EXTRACTED MATERIAL -

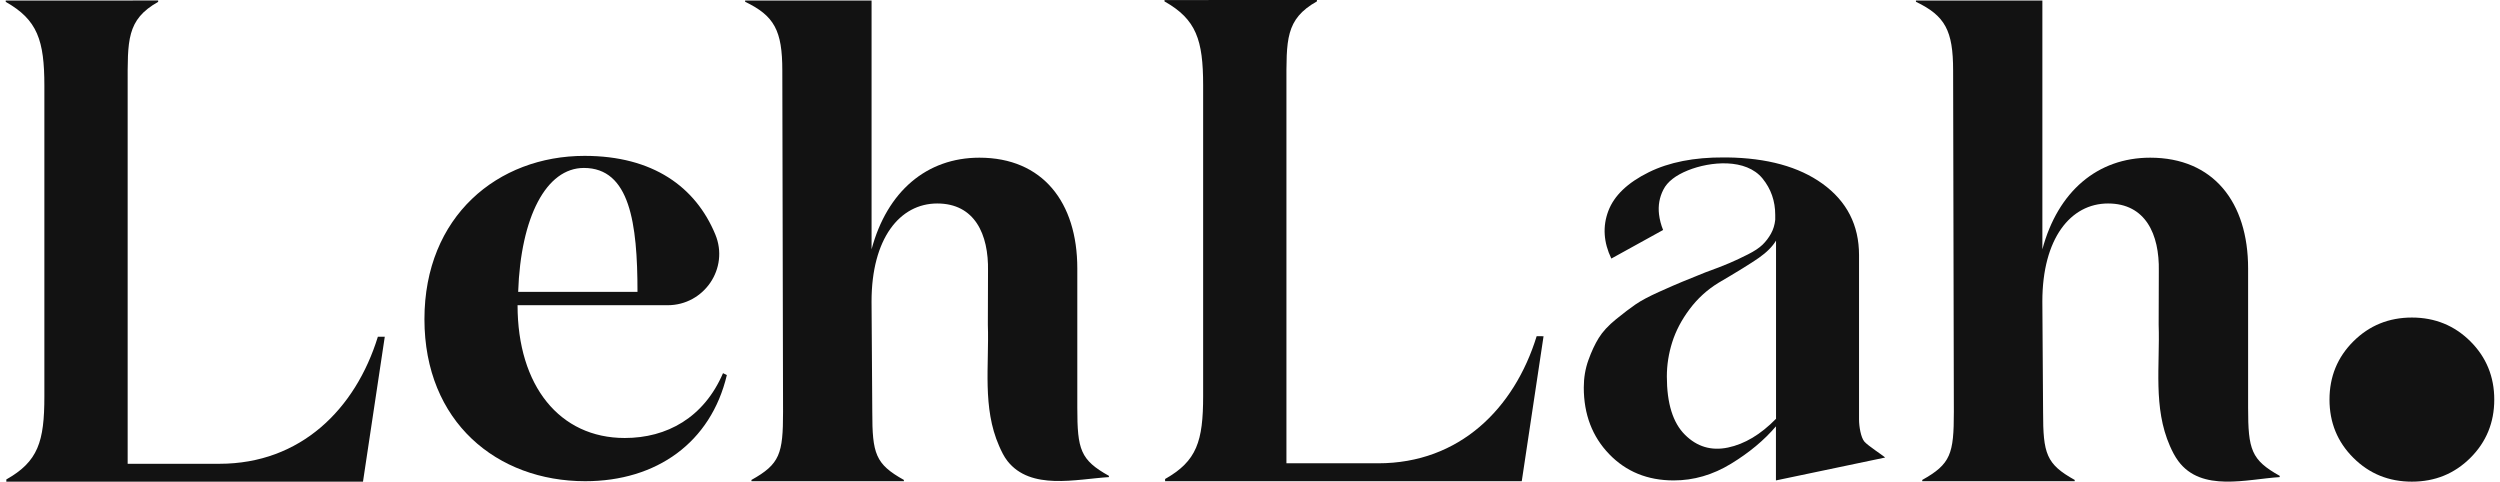 <svg width="218" height="42" viewBox="0 0 218 42" fill="none" xmlns="http://www.w3.org/2000/svg">
<path d="M58.213 26.613H45.131C45.131 33.651 48.803 38.193 54.478 38.193C58.151 38.193 61.378 36.419 63.047 32.54L63.381 32.706C61.99 38.581 57.261 41.961 51.031 41.961C43.352 41.961 37.011 36.807 37.011 27.832C37.011 18.856 43.41 13.592 50.975 13.592C56.935 13.592 60.661 16.299 62.377 20.449C63.593 23.388 61.407 26.615 58.217 26.615L58.213 26.613ZM55.589 25.449C55.589 19.464 54.922 14.645 50.915 14.645C47.633 14.645 45.407 18.912 45.184 25.449H55.589Z" fill="#121212"/>
<path d="M76.001 0.045V21.74C77.353 16.691 80.811 13.75 85.403 13.75C90.913 13.75 93.941 17.633 93.941 23.404V35.555C93.941 39.217 94.211 40.105 96.696 41.493V41.604C93.844 41.78 89.887 42.786 87.851 40.202C87.542 39.81 87.326 39.35 87.124 38.891C85.648 35.533 86.262 31.887 86.141 28.3L86.155 23.63C86.217 20.422 84.993 17.744 81.726 17.744C78.46 17.744 75.999 20.796 75.999 26.288L76.063 35.912C76.063 39.574 76.333 40.463 78.819 41.85V41.961H65.526V41.85C68.012 40.463 68.282 39.576 68.282 35.912L68.218 6.149C68.218 2.654 67.515 1.377 64.976 0.156V0.045H76.001Z" fill="#121212"/>
<path d="M164.387 39.902C164.296 39.781 162.889 38.874 162.578 38.513C162.264 38.15 162.108 37.183 162.108 36.577V22.249C162.108 19.63 161.046 17.555 158.924 16.022C156.861 14.534 154.085 13.774 150.604 13.729C150.561 13.729 150.367 13.725 150.306 13.729C147.732 13.715 145.551 14.142 143.775 15.018C141.931 15.929 140.754 17.054 140.247 18.394C139.74 19.735 139.826 21.124 140.507 22.547L140.531 22.534L145.022 20.055C144.84 19.607 144.723 19.152 144.667 18.692C144.577 17.926 144.702 17.206 145.051 16.527C145.399 15.847 146.11 15.291 147.186 14.856C149.149 14.064 152.251 13.793 153.694 15.566C154.431 16.473 154.8 17.53 154.8 18.739V19.162C154.755 19.605 154.633 20.008 154.431 20.371C154.229 20.734 153.984 21.056 153.694 21.338C153.403 21.621 152.978 21.902 152.42 22.183C151.862 22.466 151.324 22.719 150.81 22.939C150.295 23.16 149.593 23.433 148.698 23.756C147.804 24.119 147.134 24.39 146.687 24.572C146.24 24.755 145.57 25.047 144.675 25.449C143.781 25.851 143.101 26.214 142.631 26.537C142.161 26.859 141.593 27.292 140.921 27.836C140.251 28.38 139.748 28.924 139.412 29.468C139.076 30.011 138.775 30.656 138.508 31.403C138.24 32.15 138.106 32.944 138.106 33.792C138.106 36.13 138.843 38.065 140.317 39.596C141.792 41.128 143.668 41.893 145.947 41.893C147.69 41.893 149.356 41.409 150.94 40.442C152.527 39.475 153.834 38.386 154.862 37.177V41.893L164.381 39.898L164.387 39.902ZM150.679 39.026C149.226 39.33 147.975 38.956 146.924 37.907C145.873 36.861 145.349 35.167 145.349 32.83C145.349 31.822 145.506 30.826 145.819 29.837C146.132 28.85 146.633 27.893 147.328 26.965C148.02 26.038 148.857 25.272 149.842 24.667C151.495 23.7 152.667 22.974 153.362 22.491C154.054 22.007 154.557 21.504 154.87 20.98V36.518C153.531 37.889 152.129 38.724 150.679 39.026Z" fill="#121212"/>
<path d="M215.417 39.925C214.028 41.31 212.329 42 210.316 42C208.303 42 206.605 41.31 205.216 39.925C203.827 38.544 203.132 36.848 203.132 34.845C203.132 32.842 203.827 31.148 205.216 29.765C206.605 28.384 208.305 27.69 210.316 27.69C212.327 27.69 214.028 28.384 215.417 29.765C216.803 31.148 217.5 32.842 217.5 34.845C217.5 36.848 216.803 38.544 215.417 39.925Z" fill="#121212"/>
<path d="M32.951 29.361C31 35.684 26.213 40.442 19.136 40.442H11.132V7.479C11.132 3.524 11.022 1.722 13.792 0.162V0.043L0.5 0.047V0.166C3.268 1.724 3.869 3.522 3.869 7.477V34.568C3.869 38.523 3.319 40.247 0.552 41.807V42H31.653L33.553 29.361H32.951Z" fill="#121212"/>
<path d="M178.095 0.045V21.74C179.447 16.691 182.905 13.75 187.497 13.75C193.007 13.75 196.035 17.633 196.035 23.404V35.555C196.035 39.217 196.305 40.105 198.79 41.493V41.604C195.938 41.78 191.967 42.944 189.945 40.202C189.648 39.8 189.42 39.35 189.218 38.891C187.742 35.533 188.356 31.887 188.235 28.3L188.249 23.63C188.311 20.422 187.087 17.744 183.82 17.744C180.554 17.744 178.093 20.796 178.093 26.288L178.157 35.912C178.157 39.574 178.427 40.463 180.913 41.85V41.961H167.62V41.85C170.106 40.463 170.376 39.576 170.376 35.912L170.312 6.149C170.312 2.654 169.609 1.377 167.07 0.156V0.045H178.095Z" fill="#121212"/>
<path d="M133.996 29.318C132.045 35.641 127.258 40.399 120.181 40.399H112.177V7.436C112.177 3.481 112.067 1.679 114.837 0.119V0L101.545 0.004V0.125C104.313 1.683 104.914 3.481 104.914 7.436V34.527C104.914 38.482 104.364 40.206 101.597 41.766V41.959H132.698L134.598 29.32L133.996 29.318Z" fill="#121212"/>
</svg>

WHAT TO DO - Repeat the records above word for word, keeping no pictures in the copy.

ANSWER SECTION -
 <svg width="218" height="42" viewBox="0 0 218 42" fill="none" xmlns="http://www.w3.org/2000/svg">
<path d="M58.213 26.613H45.131C45.131 33.651 48.803 38.193 54.478 38.193C58.151 38.193 61.378 36.419 63.047 32.54L63.381 32.706C61.99 38.581 57.261 41.961 51.031 41.961C43.352 41.961 37.011 36.807 37.011 27.832C37.011 18.856 43.41 13.592 50.975 13.592C56.935 13.592 60.661 16.299 62.377 20.449C63.593 23.388 61.407 26.615 58.217 26.615L58.213 26.613ZM55.589 25.449C55.589 19.464 54.922 14.645 50.915 14.645C47.633 14.645 45.407 18.912 45.184 25.449H55.589Z" fill="#121212"/>
<path d="M76.001 0.045V21.74C77.353 16.691 80.811 13.75 85.403 13.75C90.913 13.75 93.941 17.633 93.941 23.404V35.555C93.941 39.217 94.211 40.105 96.696 41.493V41.604C93.844 41.78 89.887 42.786 87.851 40.202C87.542 39.81 87.326 39.35 87.124 38.891C85.648 35.533 86.262 31.887 86.141 28.3L86.155 23.63C86.217 20.422 84.993 17.744 81.726 17.744C78.46 17.744 75.999 20.796 75.999 26.288L76.063 35.912C76.063 39.574 76.333 40.463 78.819 41.85V41.961H65.526V41.85C68.012 40.463 68.282 39.576 68.282 35.912L68.218 6.149C68.218 2.654 67.515 1.377 64.976 0.156V0.045H76.001Z" fill="#121212"/>
<path d="M164.387 39.902C164.296 39.781 162.889 38.874 162.578 38.513C162.264 38.15 162.108 37.183 162.108 36.577V22.249C162.108 19.63 161.046 17.555 158.924 16.022C156.861 14.534 154.085 13.774 150.604 13.729C150.561 13.729 150.367 13.725 150.306 13.729C147.732 13.715 145.551 14.142 143.775 15.018C141.931 15.929 140.754 17.054 140.247 18.394C139.74 19.735 139.826 21.124 140.507 22.547L140.531 22.534L145.022 20.055C144.84 19.607 144.723 19.152 144.667 18.692C144.577 17.926 144.702 17.206 145.051 16.527C145.399 15.847 146.11 15.291 147.186 14.856C149.149 14.064 152.251 13.793 153.694 15.566C154.431 16.473 154.8 17.53 154.8 18.739V19.162C154.755 19.605 154.633 20.008 154.431 20.371C154.229 20.734 153.984 21.056 153.694 21.338C153.403 21.621 152.978 21.902 152.42 22.183C151.862 22.466 151.324 22.719 150.81 22.939C150.295 23.16 149.593 23.433 148.698 23.756C147.804 24.119 147.134 24.39 146.687 24.572C146.24 24.755 145.57 25.047 144.675 25.449C143.781 25.851 143.101 26.214 142.631 26.537C142.161 26.859 141.593 27.292 140.921 27.836C140.251 28.38 139.748 28.924 139.412 29.468C139.076 30.011 138.775 30.656 138.508 31.403C138.24 32.15 138.106 32.944 138.106 33.792C138.106 36.13 138.843 38.065 140.317 39.596C141.792 41.128 143.668 41.893 145.947 41.893C147.69 41.893 149.356 41.409 150.94 40.442C152.527 39.475 153.834 38.386 154.862 37.177V41.893L164.381 39.898L164.387 39.902ZM150.679 39.026C149.226 39.33 147.975 38.956 146.924 37.907C145.873 36.861 145.349 35.167 145.349 32.83C145.349 31.822 145.506 30.826 145.819 29.837C146.132 28.85 146.633 27.893 147.328 26.965C148.02 26.038 148.857 25.272 149.842 24.667C151.495 23.7 152.667 22.974 153.362 22.491C154.054 22.007 154.557 21.504 154.87 20.98V36.518C153.531 37.889 152.129 38.724 150.679 39.026Z" fill="#121212"/>
<path d="M215.417 39.925C214.028 41.31 212.329 42 210.316 42C208.303 42 206.605 41.31 205.216 39.925C203.827 38.544 203.132 36.848 203.132 34.845C203.132 32.842 203.827 31.148 205.216 29.765C206.605 28.384 208.305 27.69 210.316 27.69C212.327 27.69 214.028 28.384 215.417 29.765C216.803 31.148 217.5 32.842 217.5 34.845C217.5 36.848 216.803 38.544 215.417 39.925Z" fill="#121212"/>
<path d="M32.951 29.361C31 35.684 26.213 40.442 19.136 40.442H11.132V7.479C11.132 3.524 11.022 1.722 13.792 0.162V0.043L0.5 0.047V0.166C3.268 1.724 3.869 3.522 3.869 7.477V34.568C3.869 38.523 3.319 40.247 0.552 41.807V42H31.653L33.553 29.361H32.951Z" fill="#121212"/>
<path d="M178.095 0.045V21.74C179.447 16.691 182.905 13.75 187.497 13.75C193.007 13.75 196.035 17.633 196.035 23.404V35.555C196.035 39.217 196.305 40.105 198.79 41.493V41.604C195.938 41.78 191.967 42.944 189.945 40.202C189.648 39.8 189.42 39.35 189.218 38.891C187.742 35.533 188.356 31.887 188.235 28.3L188.249 23.63C188.311 20.422 187.087 17.744 183.82 17.744C180.554 17.744 178.093 20.796 178.093 26.288L178.157 35.912C178.157 39.574 178.427 40.463 180.913 41.85V41.961H167.62V41.85C170.106 40.463 170.376 39.576 170.376 35.912L170.312 6.149C170.312 2.654 169.609 1.377 167.07 0.156V0.045H178.095Z" fill="#121212"/>
<path d="M133.996 29.318C132.045 35.641 127.258 40.399 120.181 40.399H112.177V7.436C112.177 3.481 112.067 1.679 114.837 0.119V0L101.545 0.004V0.125C104.313 1.683 104.914 3.481 104.914 7.436V34.527C104.914 38.482 104.364 40.206 101.597 41.766V41.959H132.698L134.598 29.32L133.996 29.318Z" fill="#121212"/>
</svg>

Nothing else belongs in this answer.